■ Task item: Take the lines below between the one holding "En passant target" and the one holding "Edema: negative", inclusive, and copy them exactly. Add nothing.

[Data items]
= Beginning of Section =
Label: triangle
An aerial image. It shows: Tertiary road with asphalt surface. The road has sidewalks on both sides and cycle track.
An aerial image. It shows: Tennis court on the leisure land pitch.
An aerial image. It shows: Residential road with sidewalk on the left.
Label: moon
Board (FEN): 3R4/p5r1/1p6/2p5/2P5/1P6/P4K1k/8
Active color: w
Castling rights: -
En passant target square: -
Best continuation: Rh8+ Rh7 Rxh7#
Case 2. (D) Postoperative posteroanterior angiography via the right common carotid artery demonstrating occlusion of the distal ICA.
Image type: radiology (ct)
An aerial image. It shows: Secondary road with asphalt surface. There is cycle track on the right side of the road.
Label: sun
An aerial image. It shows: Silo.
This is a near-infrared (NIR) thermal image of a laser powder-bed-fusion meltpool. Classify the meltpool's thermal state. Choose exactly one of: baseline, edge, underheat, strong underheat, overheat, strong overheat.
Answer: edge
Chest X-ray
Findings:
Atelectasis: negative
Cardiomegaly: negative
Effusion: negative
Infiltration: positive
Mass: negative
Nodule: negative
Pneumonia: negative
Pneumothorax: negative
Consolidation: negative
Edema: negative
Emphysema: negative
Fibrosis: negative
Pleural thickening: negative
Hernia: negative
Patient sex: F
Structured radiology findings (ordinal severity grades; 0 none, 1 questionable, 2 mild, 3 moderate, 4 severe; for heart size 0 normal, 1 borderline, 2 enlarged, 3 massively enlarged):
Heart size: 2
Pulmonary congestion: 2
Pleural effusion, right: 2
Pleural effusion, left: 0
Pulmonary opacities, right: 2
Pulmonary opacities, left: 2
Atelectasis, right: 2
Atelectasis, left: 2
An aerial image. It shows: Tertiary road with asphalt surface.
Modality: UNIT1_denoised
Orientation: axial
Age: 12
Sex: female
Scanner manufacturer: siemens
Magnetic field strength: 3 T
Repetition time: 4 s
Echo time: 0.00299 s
= End of Section =
■ Output for this exercise:
En passant target square: -
Best continuation: Rh8+ Rh7 Rxh7#
Case 2. (D) Postoperative posteroanterior angiography via the right common carotid artery demonstrating occlusion of the distal ICA.
Image type: radiology (ct)
An aerial image. It shows: Secondary road with asphalt surface. There is cycle track on the right side of the road.
Label: sun
An aerial image. It shows: Silo.
This is a near-infrared (NIR) thermal image of a laser powder-bed-fusion meltpool. Classify the meltpool's thermal state. Choose exactly one of: baseline, edge, underheat, strong underheat, overheat, strong overheat.
Answer: edge
Chest X-ray
Findings:
Atelectasis: negative
Cardiomegaly: negative
Effusion: negative
Infiltration: positive
Mass: negative
Nodule: negative
Pneumonia: negative
Pneumothorax: negative
Consolidation: negative
Edema: negative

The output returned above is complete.